When linewrap is enabled, library will take into consideration the LCD geometry and LCD display memory to LCD display mapping to make things easier for the user.
i.e. when linewrap mode is enabled, if the user writes beyond the end of a row, the character will automatically show up on the next row and the row/col is adjusted accordingly.
Write beyond the end of the bottom row and the text will show up on the top row (row 0).
In linewrap mode, It makes output to the LCD work kind of like TTY terminal. As you write to it, the characters advance then wrap to the line below, and if on the lowest line, it wraps up to the top line.
The hd44780 library setCursor() behaves differently in linewrap mode.

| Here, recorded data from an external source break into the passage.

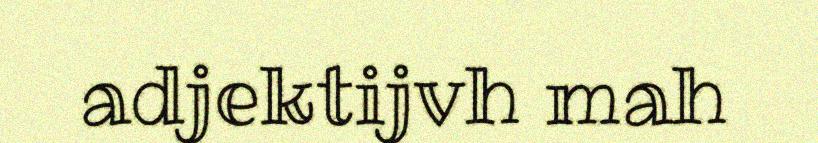
adjektijvh mah
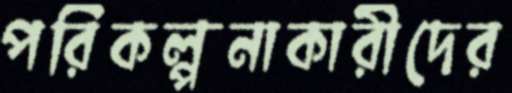
পরিকল্পনাকারীদের
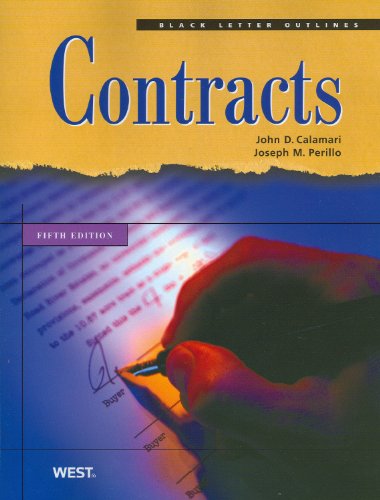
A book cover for Black Letter Outline on Contracts; Joseph Perillo; Law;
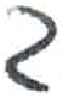
אות: ך
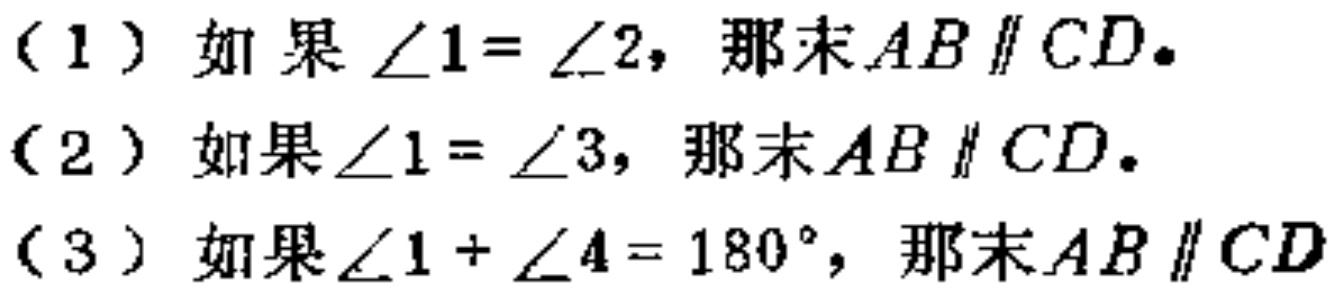
（1）如果\(\angle 1 = \angle 2\)，那末\(AB\parallel CD\)。

（2）如果\(\angle 1 = \angle 3\)，那末\(AB\parallel CD\)。

（3）如果\(\angle 1+\angle 4 = 180^{\circ}\)，那末\(AB\parallel CD\)
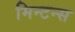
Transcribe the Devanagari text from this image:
मिन्टन्स
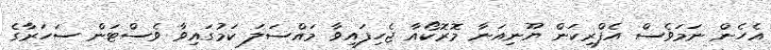
އެހެން ނަމަވެސް އެފްރިކަން ޔޫނިއަނާ މޮރޮކޯއާ ޖެހިފައިވާ މައްސަލަ ކަމުގައިވާ ވެސްޓަން ސަހަރާގެ

In regular mode, the hd44780 behaves as pretty much all other LiquidCrystal API type libraries. If the row is too large, it gets set to the maximum row, and it blindly accepts the col parameter which will likely not do what most people would expect given the resulting DDRAM address.
In linewrap mode, the hd44780 library still truncates the row parameter to ensure it isn’t too large, but for column, it ripples the math through the the rows to make it land where the cursor would be if you printed that many character.
example, on a 4x20 display. if you set the cursor position to (0,30) the position is set to 1,10

The hd44780 github page and wiki documents this API capability and
the hd44780 library comes with an example for each i/o class that demonstrates the linewrap capability.